UNITED STATES DISTRICT COURT FOR THE SOUTHERN DISTRICT OF OHIO WESTERN DIVISION AT CINCINNATI
Aug 6, 2014
Case No. 1:13-cv-056 (S.D. Ohio Aug. 6, 2014)

Opinion

Case No. 1:13-cv-056

08-06-2014

JASON ERIC RADER, Petitioner, v. WARDEN CRUTCHFIELD, Respondent.


District Judge Michael R. Barrett

REPORT AND RECOMMENDATIONS ON MOTION FOR RECONSIDERATION

This habeas corpus case is before the Court on Petitioner's Motion for Reconsideration (Doc. No. 16). While the Federal Rules of Civil Procedure do not provide for motions for reconsideration, this particular Motion was timely under Fed. R. Civ. P. 59(e) which permits a federal court to alter or amend a judgment. A motion under Rule 59(e) is not an opportunity to reargue a case. Sault Ste. Marie Tribe of Chippewa Indians v. Engler, 146 F.3d 367, 374 (6th Cir. 1998)(citation omitted). Thus, parties should not use them to raise arguments which could and should have been made before judgment issued. Id. Motions under Rule 59(e) must establish either a manifest error of law or must present newly discovered evidence. Id.

Petitioner declares under penalty of perjury that he deposited the Objections which are attached to the instant Motion in the prison mailbox on or about June 16, 2014 (Motion, Doc. No. 16, PageID 736). Aside from his own declaration, he presents no proof of the deposit, such as an entry from the mail log at the prison. Moreover, his certificate of service on the Objections says they were mailed to the Clerk, in contrast to the certificate of service on the Motion, which expressly mentions deposit in the prison mailbox. The Objections have not been received by the Clerk except as an attachment to the instant Motion. The Court is not required to accept at face value a declaration of deposit when the mail has not arrived as of almost two months after the asserted deposit.

To prevent difficulties of this kind, the Court has provided Warren Correctional Institution with a scanner for prisoner filings which automatically transmits the documents to the Court for filing. Rader apparently knows of the scanner system as he used it to file his Motion to Stay Proceedings (Doc. No. 11) after he claims he deposited the Objections in the prison mailbox. Prisoners who choose not to use the scanner system invite further skepticism regarding their mailing.

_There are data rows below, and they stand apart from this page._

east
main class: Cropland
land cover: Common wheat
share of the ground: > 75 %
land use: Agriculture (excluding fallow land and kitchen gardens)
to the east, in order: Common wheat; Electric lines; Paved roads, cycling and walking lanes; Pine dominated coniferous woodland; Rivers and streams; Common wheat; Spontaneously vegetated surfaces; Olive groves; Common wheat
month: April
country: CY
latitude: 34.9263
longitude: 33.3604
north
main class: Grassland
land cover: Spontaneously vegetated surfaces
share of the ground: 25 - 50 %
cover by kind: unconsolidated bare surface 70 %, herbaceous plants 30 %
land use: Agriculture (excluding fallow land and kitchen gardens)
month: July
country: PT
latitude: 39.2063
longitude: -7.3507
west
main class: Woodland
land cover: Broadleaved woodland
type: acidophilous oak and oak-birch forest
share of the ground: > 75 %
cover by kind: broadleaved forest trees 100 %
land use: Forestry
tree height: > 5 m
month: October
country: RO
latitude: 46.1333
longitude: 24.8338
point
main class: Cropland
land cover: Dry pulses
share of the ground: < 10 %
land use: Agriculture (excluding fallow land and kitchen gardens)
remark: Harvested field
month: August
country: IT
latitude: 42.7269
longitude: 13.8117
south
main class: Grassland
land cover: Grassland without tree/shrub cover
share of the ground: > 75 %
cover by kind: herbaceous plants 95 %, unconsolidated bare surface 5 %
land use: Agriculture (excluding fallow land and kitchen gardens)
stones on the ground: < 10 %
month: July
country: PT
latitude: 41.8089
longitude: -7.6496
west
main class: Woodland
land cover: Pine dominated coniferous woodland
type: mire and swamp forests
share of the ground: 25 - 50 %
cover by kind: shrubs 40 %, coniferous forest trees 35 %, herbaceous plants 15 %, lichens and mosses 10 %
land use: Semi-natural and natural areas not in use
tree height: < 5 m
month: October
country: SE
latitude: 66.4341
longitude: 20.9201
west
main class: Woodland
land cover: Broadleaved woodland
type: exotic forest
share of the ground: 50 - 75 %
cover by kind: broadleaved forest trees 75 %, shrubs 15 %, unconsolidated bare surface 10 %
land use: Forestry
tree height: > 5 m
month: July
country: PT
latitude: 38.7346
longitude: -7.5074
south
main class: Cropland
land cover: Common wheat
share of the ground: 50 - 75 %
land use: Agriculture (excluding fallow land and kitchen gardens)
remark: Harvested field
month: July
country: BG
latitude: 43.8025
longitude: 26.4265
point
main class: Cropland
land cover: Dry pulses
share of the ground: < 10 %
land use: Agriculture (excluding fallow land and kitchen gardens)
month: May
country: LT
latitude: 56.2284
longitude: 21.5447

Whether or not the Objections were timely filed, the Court can consider the merits of those Objections as part of the Motion for Reconsideration because that was clearly timely filed.

Rader pleads one ground for relief in his Petition:

Ground One: The trial court erred when it refused to include a jury instruction on a lesser included offense of Involuntary Manslaughter or Complicity to Involuntary Manslaughter.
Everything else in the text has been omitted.